Clause 8 is an extraordinary clause. It would confer power on the Minister to require the committee to include a specified provision if the Minister thinks it is “expedient” to do so, and if the committee were to be so required, it would have a legal duty to comply. “Expedient” is the broadest possible word to define the scope of such a power. If Clause 8 is enacted as drafted, the requirement for the concurrence of the Lord Chief Justice under Clauses 2 and 3, which we all agree is necessary, would be rendered pointless. The Minister could simply override the views of the Lord Chief Justice in relation to any relevant matter under Clauses 2 and 3. I know that the noble and learned Lord, Lord Keen, does not share that view, and I look forward to him explaining why there is a limitation on what appears to be, and indeed is, the broadest possible drafting in the language of Clause 8. It contains no express limitation, and it seems very difficult to argue that there is an implied limitation that would prevent the Minister rendering pointless what is in Clauses 2 and 3 when the very purpose of Clause 8 is to give the broadest possible discretion to the Minister to give directions to the committee with which it must comply. Since the Minister has rightly accepted that, in the context of provisions about access to justice—which is what we are talking about—it is necessary for the provisions to require the concurrence of both the Minister and the Lord Chief Justice, there can nevertheless be no justification for conferring on the Minister by Clause 8 a power to override the views of the Lord Chief Justice on these important matters.
Clause 9 confers, as the noble and learned Lord, Lord Judge, said, a broad Henry VIII power on the Lord Chancellor to amend, repeal and revoke other legislative provisions whenever the Lord Chancellor considers it “necessary or desirable” in consequence of the Online Procedure Rules or to facilitate the making of Online Procedure Rules. Again, these are exceptionally broad powers, touching centrally on access to justice.
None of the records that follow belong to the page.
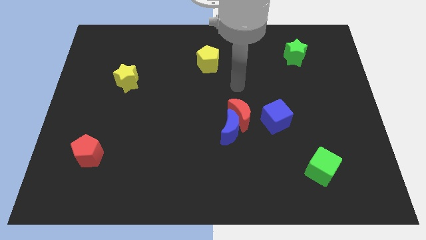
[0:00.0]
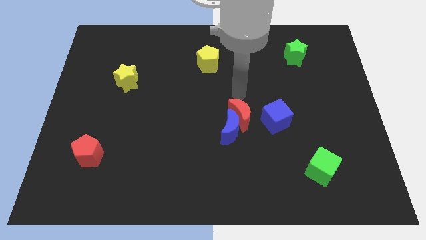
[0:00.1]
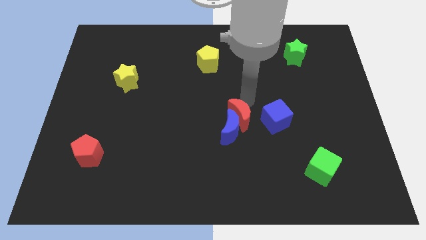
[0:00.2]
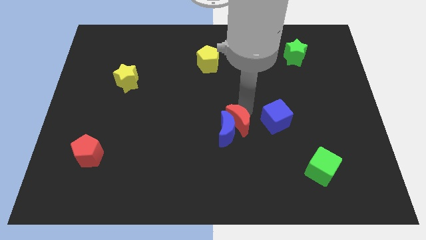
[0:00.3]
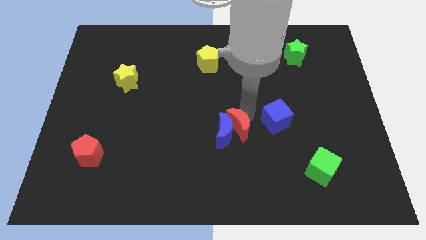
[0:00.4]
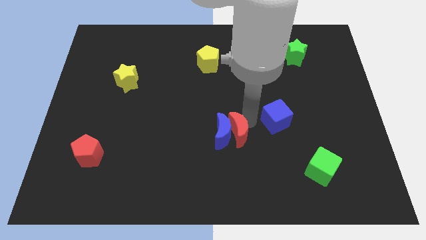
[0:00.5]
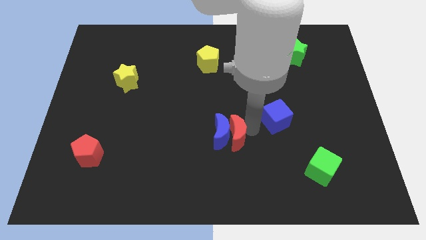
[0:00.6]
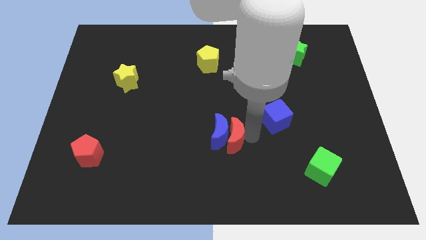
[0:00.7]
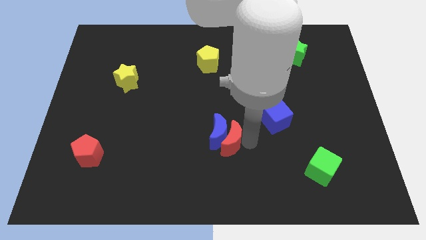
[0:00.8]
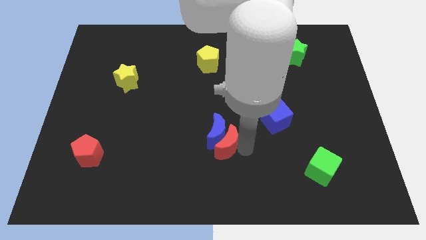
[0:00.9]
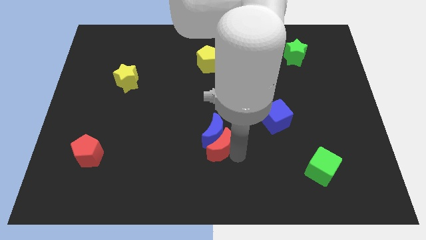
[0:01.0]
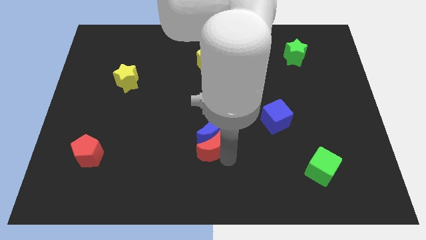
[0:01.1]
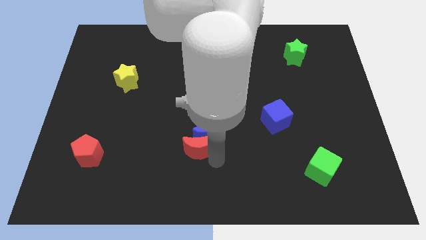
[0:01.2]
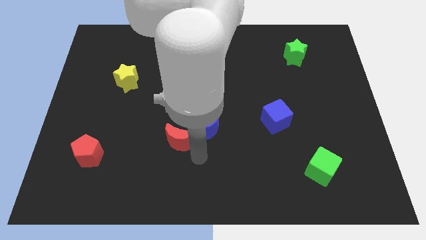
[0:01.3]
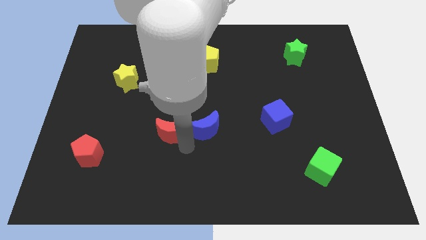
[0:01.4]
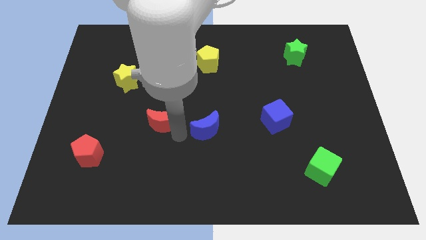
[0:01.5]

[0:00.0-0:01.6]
separate the blue moon from the red moon

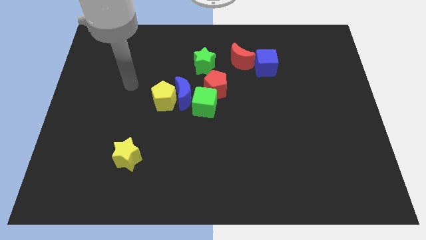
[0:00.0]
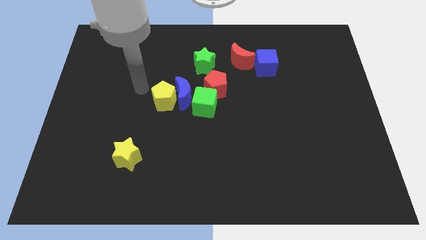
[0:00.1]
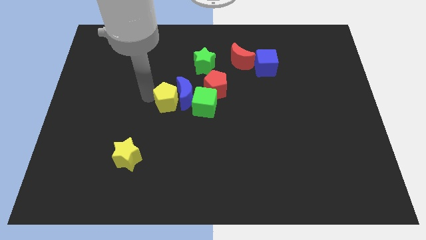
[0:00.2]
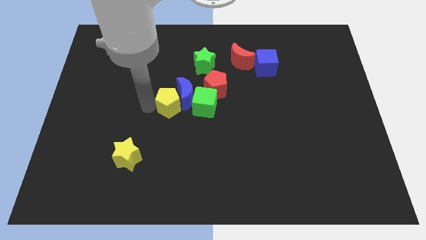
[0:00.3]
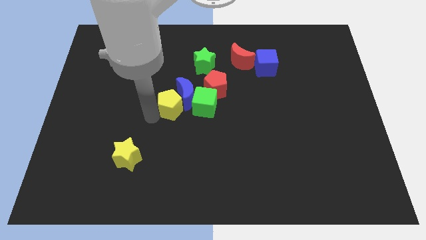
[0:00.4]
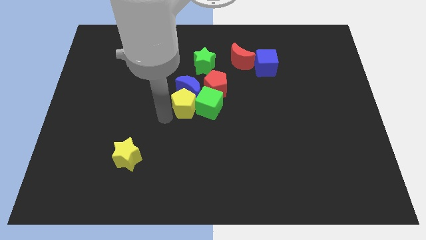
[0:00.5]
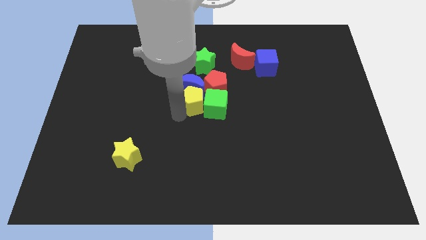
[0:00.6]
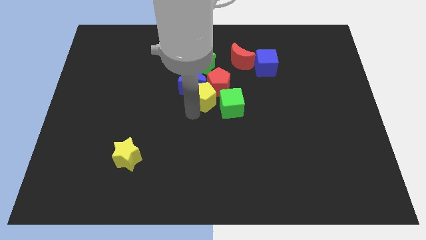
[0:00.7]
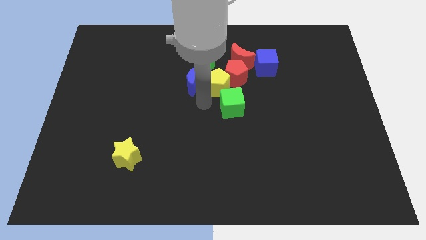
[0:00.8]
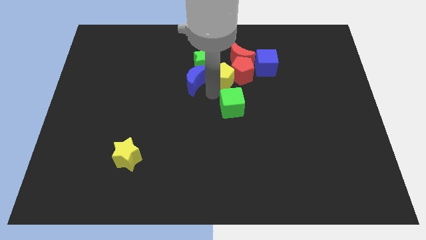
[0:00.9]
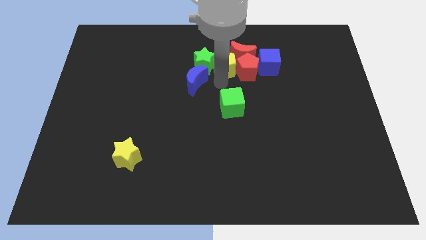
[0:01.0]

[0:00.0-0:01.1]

For the same reasons that require the concurrence of the Lord Chief Justice for the exercise of powers under Clauses 2 and 3, it is necessary to require the concurrence of the Lord Chief Justice for the exercise of powers under Clause 9.
My Lords, I understand the difficulty raised in our earlier debate by the noble and learned Lord, Lord Mackay: that other committees work on a different basis. However, all those committees were created before the constitutional change. What is more, the committee we are envisaging in the Bill will actually have power to decide how the other committees will operate—at any rate, in relation to the digital world. That makes it different, but the fact is that we have had a change to the constitution and the Bill should recognise it.
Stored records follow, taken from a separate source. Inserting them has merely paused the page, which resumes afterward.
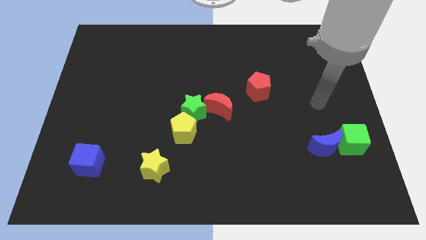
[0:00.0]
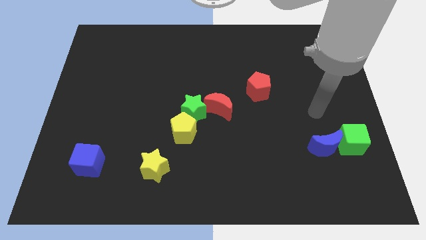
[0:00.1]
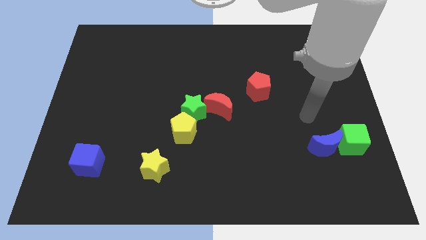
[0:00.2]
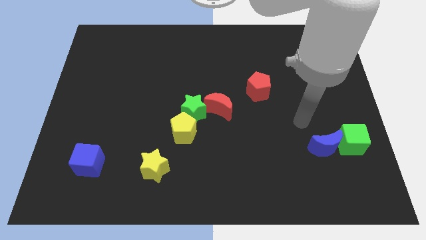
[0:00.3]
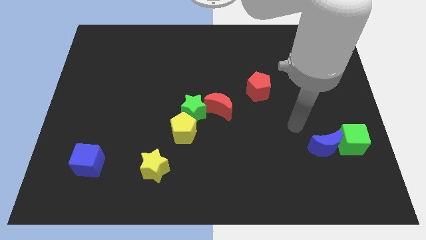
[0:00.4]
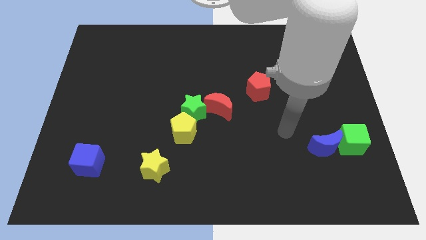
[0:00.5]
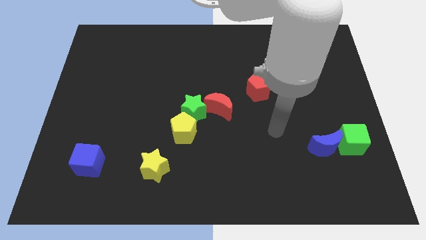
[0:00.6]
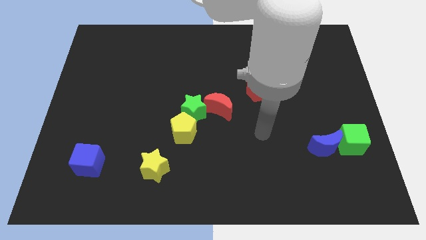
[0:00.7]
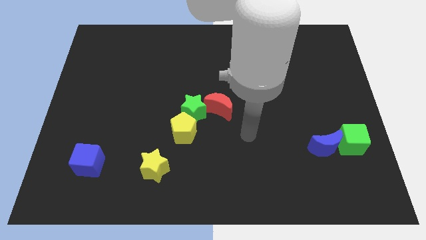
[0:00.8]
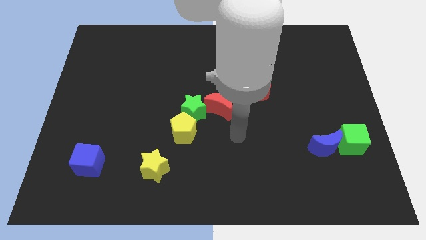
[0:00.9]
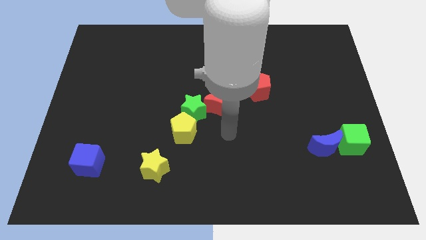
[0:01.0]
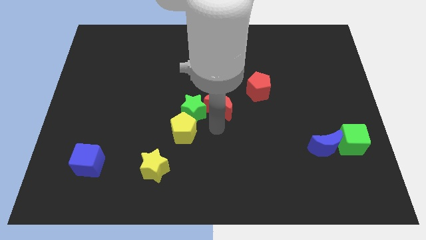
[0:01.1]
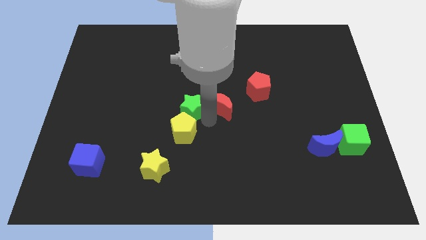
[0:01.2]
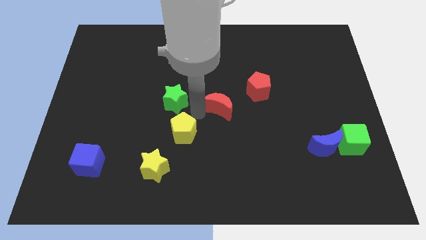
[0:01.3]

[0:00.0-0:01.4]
pull the red moon apart from the green star

I have looked at Clause 8 and I would love a debate with the noble and learned Lord, Lord Keen, about what,
“achieve a purpose specified in the notice”,
might mean, and about the provision that the committee must do what is,
“necessary to achieve the specified purpose”.
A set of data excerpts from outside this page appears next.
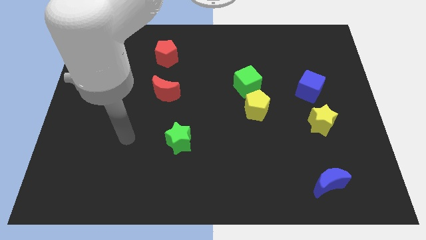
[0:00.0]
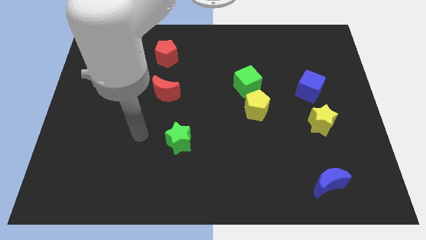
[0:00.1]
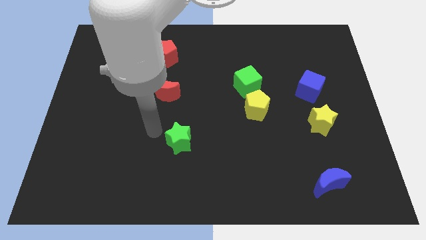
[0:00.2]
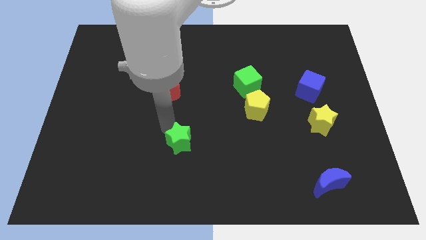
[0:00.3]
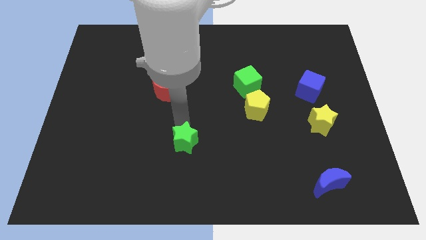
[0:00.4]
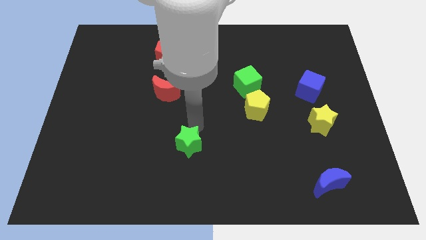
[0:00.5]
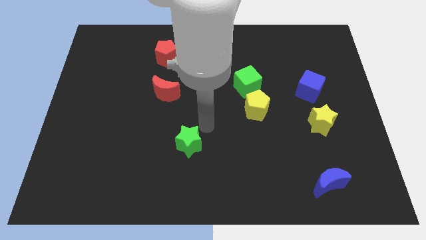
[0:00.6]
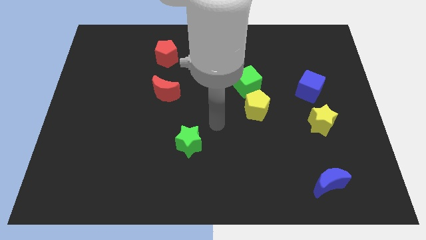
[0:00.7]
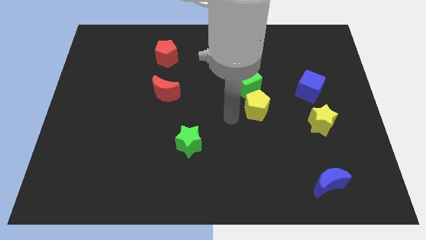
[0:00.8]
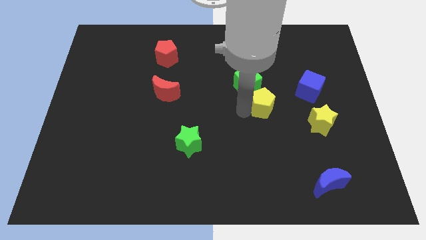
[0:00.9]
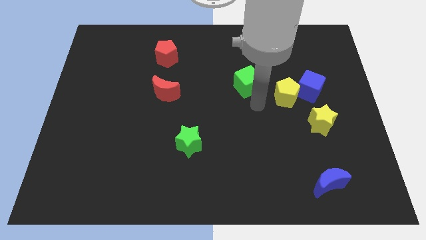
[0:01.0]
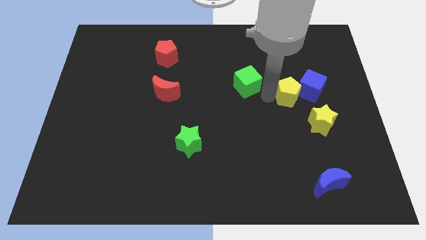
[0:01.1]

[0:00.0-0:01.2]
separate the green cube from the yellow pentagon

It would be a wonderful debate. The difference between us is that he says that means the same thing as what it says in Clause 2. However, that is not what it says in Clause 2. Clause 2 relates to “specified kinds”, which is a completely different consideration. What in the end we have here is the ability under Clauses 8 and 9, taken together, of the Executive to decide how litigation shall be conducted. That is what is objectionable about it and I seek the views of the House.
I am afraid I must ask for the opinion of the House on this amendment as well.